EXERCISE:
Only the pictures are dropped. Restate each line below word for word.

=== Begin Enclosure ===

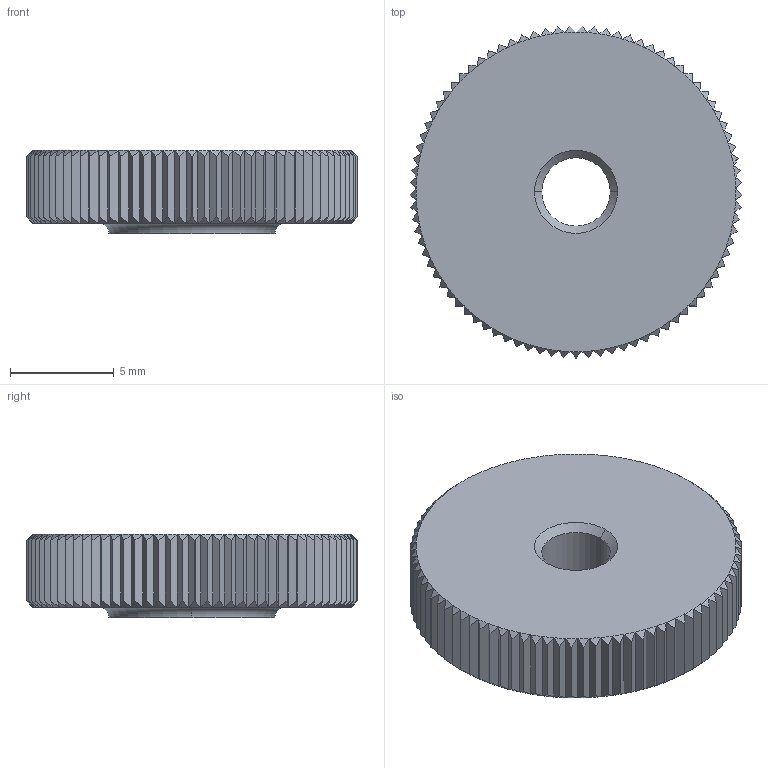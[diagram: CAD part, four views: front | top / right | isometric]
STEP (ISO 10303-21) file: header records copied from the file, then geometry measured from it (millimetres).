
FILE_DESCRIPTION(('STEP AP214'),'1');
FILE_NAME(' ',' ',('TraceParts'),('TraceParts S.A.'),'XStep 1.0',' ',' ');
FILE_SCHEMA(('automotive_design'));
Length unit declared in the file: millimetre
Products named in the file (1): 1
Bounding box: 16 x 15.99 x 4 mm (x, y, z)
Volume: 666.8 mm3; surface area: 648 mm2
Topology: 1 solids, 1 shells, 440 faces, 967 edges, 530 vertices
Faces by surface type: cone 178, plane 173, cylinder 87, torus 2
Entity records: 22406 total; most frequent: CARTESIAN_POINT 2626, STYLED_ITEM 1938, PRESENTATION_STYLE_ASSIGNMENT 1938, COLOUR_RGB 1938, ORIENTED_EDGE 1934, DIRECTION 1863, EDGE_CURVE 967, CURVE_STYLE 967

=== End Enclosure ===

EXERCISE SOLUTION:
[diagram: CAD part, four views: front | top / right | isometric]
STEP (ISO 10303-21) file: header records copied from the file, then geometry measured from it (millimetres).
FILE_DESCRIPTION(('STEP AP214'),'1');
FILE_NAME(' ',' ',('TraceParts'),('TraceParts S.A.'),'XStep 1.0',' ',' ');
FILE_SCHEMA(('automotive_design'));
Length unit declared in the file: millimetre
Products named in the file (1): 1
Bounding box: 16 x 15.99 x 4 mm (x, y, z)
Volume: 666.8 mm3; surface area: 648 mm2
Topology: 1 solids, 1 shells, 440 faces, 967 edges, 530 vertices
Faces by surface type: cone 178, plane 173, cylinder 87, torus 2
Entity records: 22406 total; most frequent: CARTESIAN_POINT 2626, STYLED_ITEM 1938, PRESENTATION_STYLE_ASSIGNMENT 1938, COLOUR_RGB 1938, ORIENTED_EDGE 1934, DIRECTION 1863, EDGE_CURVE 967, CURVE_STYLE 967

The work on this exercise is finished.